= Bob Magnusson =

American jazz bassist (born 1947)

Bob Magnusson (born February 24, 1947, in New York) is an American jazz bassist.

==Career==
Magnusson studied French horn for 12 years before switching to bass in 1967. He toured with Buddy Rich's Orchestra in 1968 and played with the San Diego Symphony and Sarah Vaughan (1971–72 and 1975–76).
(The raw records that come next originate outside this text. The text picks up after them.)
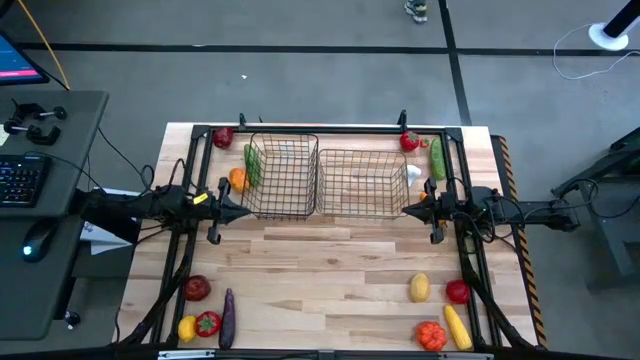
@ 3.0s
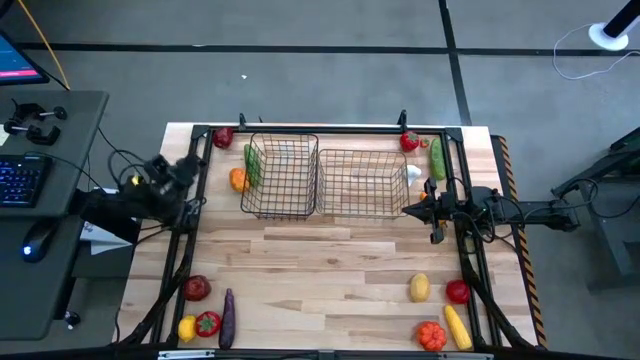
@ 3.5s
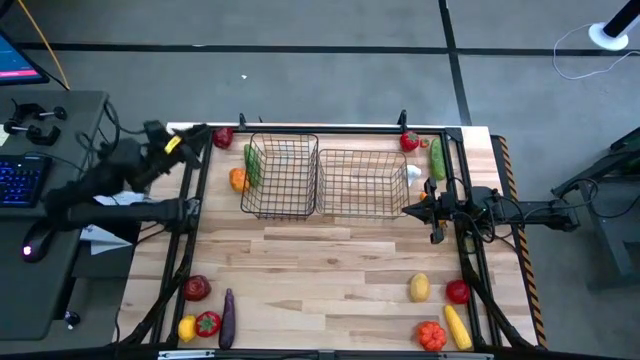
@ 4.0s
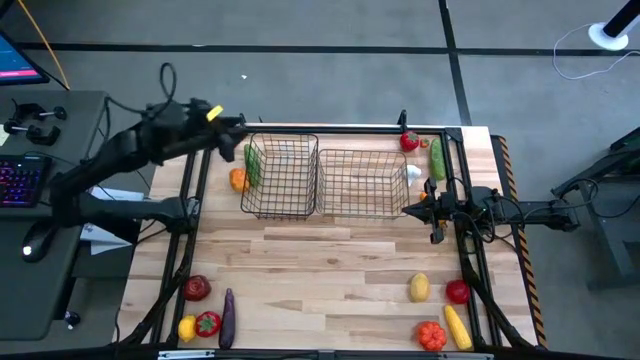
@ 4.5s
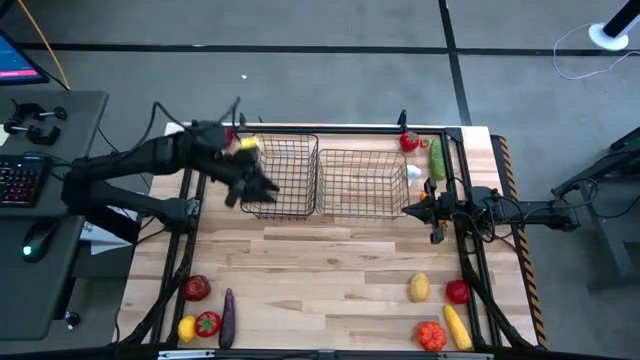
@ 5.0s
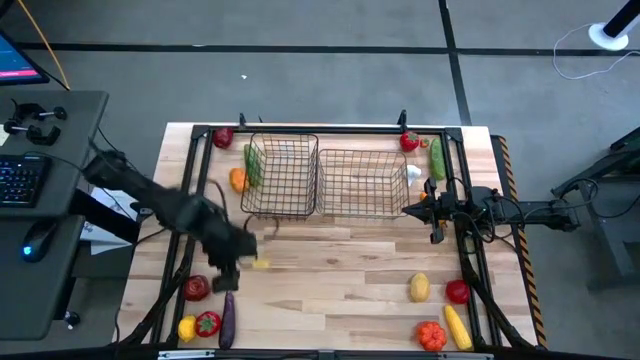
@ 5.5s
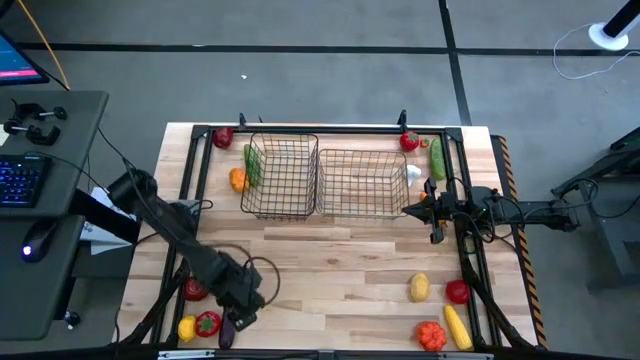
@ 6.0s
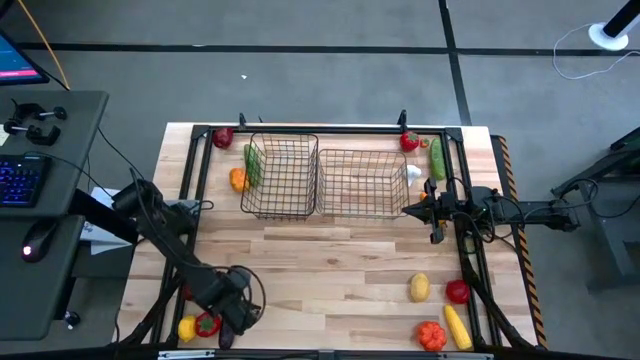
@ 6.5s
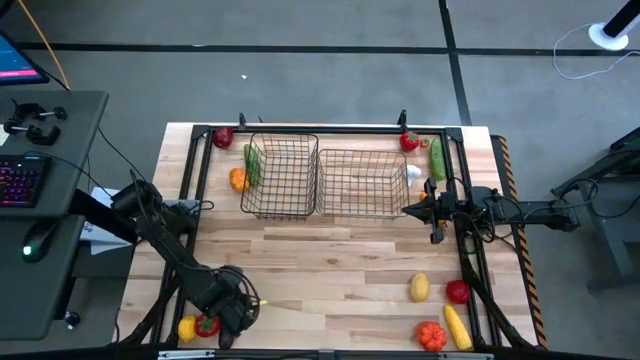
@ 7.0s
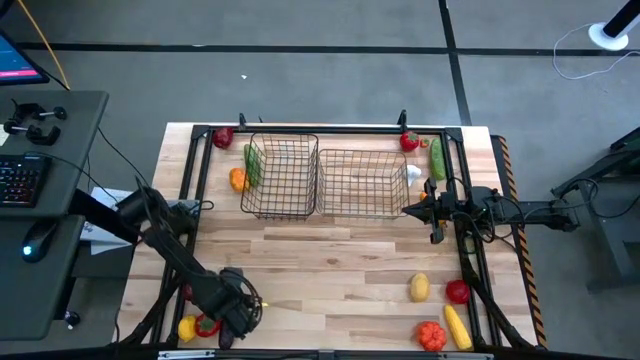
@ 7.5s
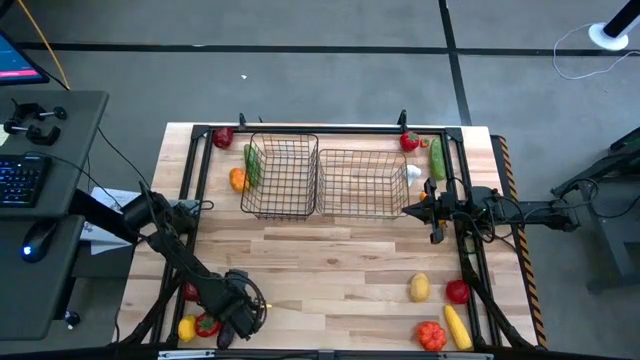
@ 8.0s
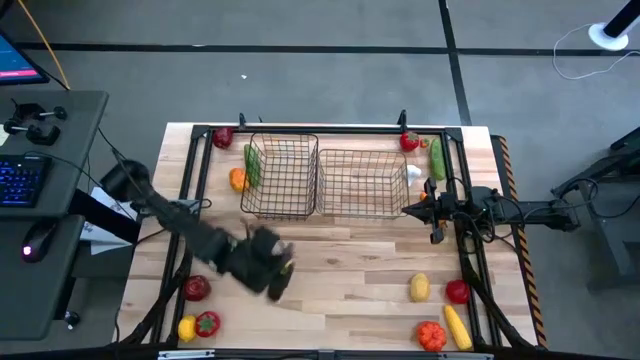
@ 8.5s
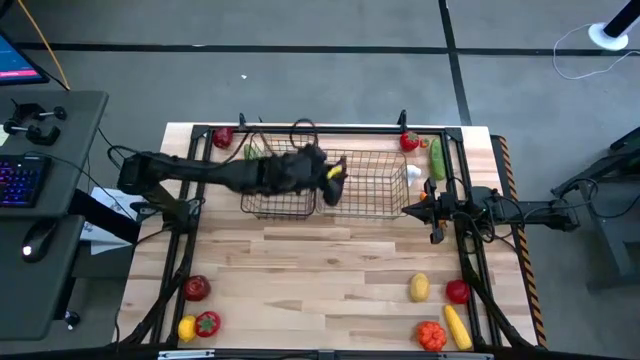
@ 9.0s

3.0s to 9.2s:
Task: Sort produce into baskets
Put the eggplant into the right wire basket

A studio musician for decades, he was part of the co-op group Road Work Ahead from 1979 to 1982, and worked with John Klemmer, Art Pepper, Benny Golson, Joe Farrell, Linda Ronstadt (with Nelson Riddle's Orchestra), Bud Shank, Laurindo Almeida, Shorty Rogers, Bob Cooper, Lou Donaldson, Clifford Jordan, George Cables, Victor Lewis, Joe Pass, Art Farmer, Kenny Barron, Freddie Hubbard, Slide Hampton, Billy Higgins, Carl Fontana, Tommy Flanagan, Mike Wofford, Holly Hofmann, Kenny Burrell, Roger Kellaway, Randy Porter, Ernie Watts, Eddie "Cleanhead" Vinson, Peter Erskine, Bobby Shew, Bill Mays, Natalie Cole, Neil Diamond, Bonnie Raitt, 10,000 Maniacs, Madonna, Hank Jones, Cedar Walton, Jimmy Heath, Peter Sprague and others. Including the Road Work Ahead projects, Magnusson led record dates for Discovery Records in 1979, 1980 and 1984, and Trend Records in 1982.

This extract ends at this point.